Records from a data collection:

----

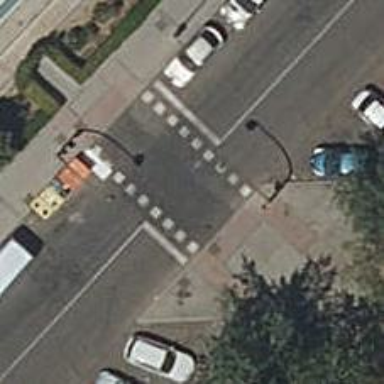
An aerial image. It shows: Road with traffic signals at the crossing.
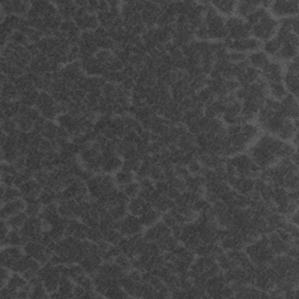
Label: frost
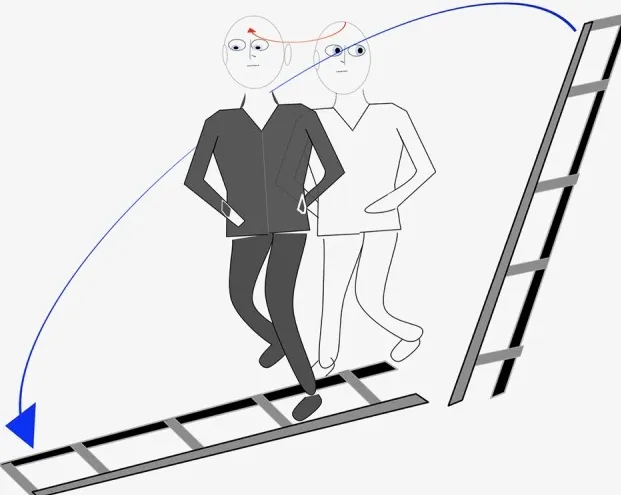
Graphic representation of the most impressive episode of palinopsia experienced by our patient.
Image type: radiology (ct)
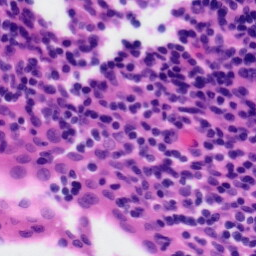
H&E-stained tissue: Tonsil
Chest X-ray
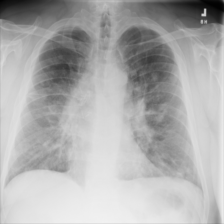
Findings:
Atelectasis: negative
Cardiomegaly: negative
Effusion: negative
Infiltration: negative
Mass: negative
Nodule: negative
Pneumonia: negative
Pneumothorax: negative
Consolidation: negative
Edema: negative
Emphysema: negative
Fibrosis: negative
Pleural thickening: negative
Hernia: negative
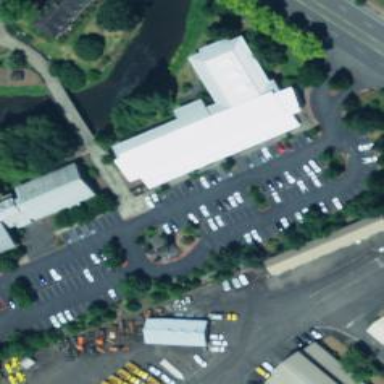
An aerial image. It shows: Public building.
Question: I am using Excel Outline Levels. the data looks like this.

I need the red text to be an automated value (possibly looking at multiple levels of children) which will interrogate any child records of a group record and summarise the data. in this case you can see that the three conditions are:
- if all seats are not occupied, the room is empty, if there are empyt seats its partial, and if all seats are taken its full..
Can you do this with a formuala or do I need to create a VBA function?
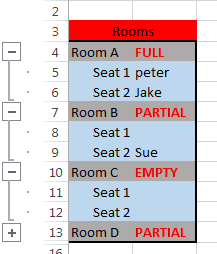
Answer: In 'C4' and assuming column A is hidden and has the room noted next to each seat:
'''
=If(Countif(A:A, B4) - 1 = CountA(Offset(C4, 1, 0, Countif(A:A, B4) - 1)), "FULL",
If(0 = CountA(Offset(C4, 1, 0, Countif(A:A, B4) - 1)), "EMPTY", "PARTIAL"))
'''
Two points for the above, if you have not labelled cell 'A4' to be 'Room A' then remove the '- 1'.
Also once those is done for this one cell simply copy and paste to the other cells and it will automatically reference the correct cells for you using relative referencing.
'''
=If(Countif(1:1, B2) - 1 = CountA(Offset(B3, 0, 1, , Countif(1:1, B2) - 1)), "FULL",
If(0 = CountA(Offset(B3, 0, 1, , Countif(1:1, B2) - 1)), "EMPTY", "PARTIAL"))
'''
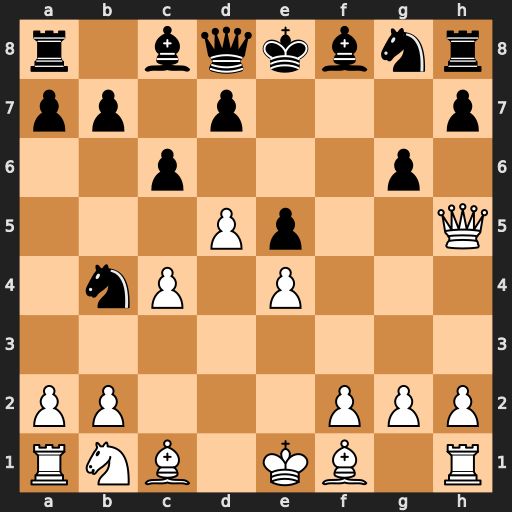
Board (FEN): r1bqkbnr/pp1p3p/2p3p1/3Pp2Q/1nP1P3/8/PP3PPP/RNB1KB1R
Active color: w
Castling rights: KQkq
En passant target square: -
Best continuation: Qxe5+ Qe7 Qxh8
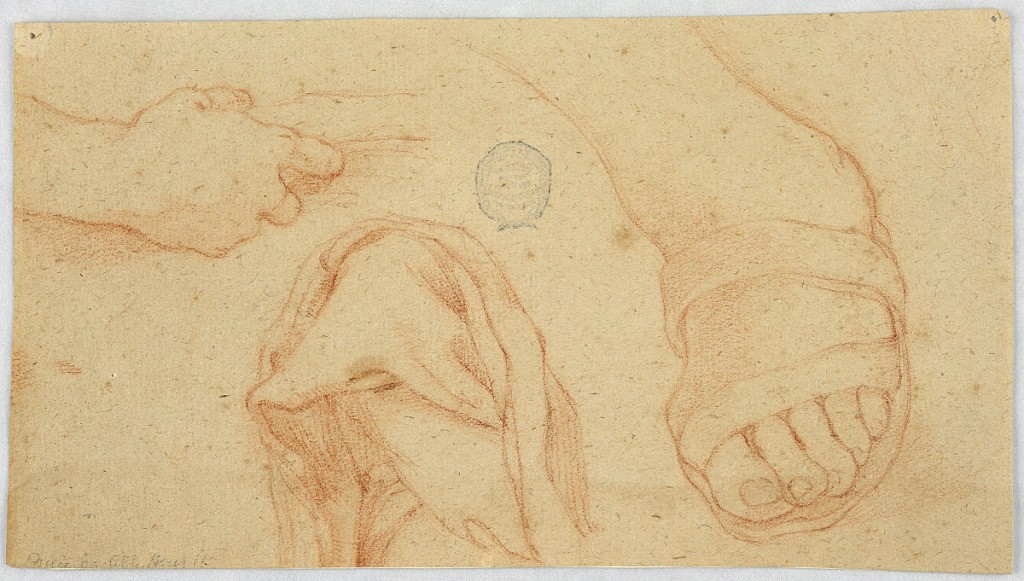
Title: Three Preparatory Sketches
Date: early 18th century
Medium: Red crayon in fibrous light brown paper
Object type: Drawing
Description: Horizontal rectangle. From left to right: a right hand holding an object; a drapery study; the left foot as seen in 1901-39-2852 and 1901-39-3051.
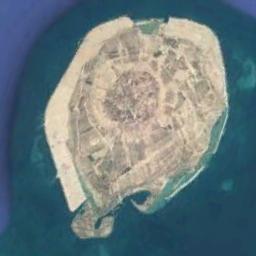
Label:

----

◆ WHAT TO PRODUCE
Print the data once more without any change, skipping each picture.

◆ PROBLEM SOLUTION
An aerial image. It shows: Road with traffic signals at the crossing.
Label: frost
Graphic representation of the most impressive episode of palinopsia experienced by our patient.
Image type: radiology (ct)
H&E-stained tissue: Tonsil
Chest X-ray
Findings:
Atelectasis: negative
Cardiomegaly: negative
Effusion: negative
Infiltration: negative
Mass: negative
Nodule: negative
Pneumonia: negative
Pneumothorax: negative
Consolidation: negative
Edema: negative
Emphysema: negative
Fibrosis: negative
Pleural thickening: negative
Hernia: negative
An aerial image. It shows: Public building.
Question: I am using Excel Outline Levels. the data looks like this.

I need the red text to be an automated value (possibly looking at multiple levels of children) which will interrogate any child records of a group record and summarise the data. in this case you can see that the three conditions are:
- if all seats are not occupied, the room is empty, if there are empyt seats its partial, and if all seats are taken its full..
Can you do this with a formuala or do I need to create a VBA function?
Answer: In 'C4' and assuming column A is hidden and has the room noted next to each seat:
'''
=If(Countif(A:A, B4) - 1 = CountA(Offset(C4, 1, 0, Countif(A:A, B4) - 1)), "FULL",
If(0 = CountA(Offset(C4, 1, 0, Countif(A:A, B4) - 1)), "EMPTY", "PARTIAL"))
'''
Two points for the above, if you have not labelled cell 'A4' to be 'Room A' then remove the '- 1'.
Also once those is done for this one cell simply copy and paste to the other cells and it will automatically reference the correct cells for you using relative referencing.
'''
=If(Countif(1:1, B2) - 1 = CountA(Offset(B3, 0, 1, , Countif(1:1, B2) - 1)), "FULL",
If(0 = CountA(Offset(B3, 0, 1, , Countif(1:1, B2) - 1)), "EMPTY", "PARTIAL"))
'''
Board (FEN): r1bqkbnr/pp1p3p/2p3p1/3Pp2Q/1nP1P3/8/PP3PPP/RNB1KB1R
Active color: w
Castling rights: KQkq
En passant target square: -
Best continuation: Qxe5+ Qe7 Qxh8
Title: Three Preparatory Sketches
Date: early 18th century
Medium: Red crayon in fibrous light brown paper
Object type: Drawing
Description: Horizontal rectangle. From left to right: a right hand holding an object; a drapery study; the left foot as seen in 1901-39-2852 and 1901-39-3051.
Label:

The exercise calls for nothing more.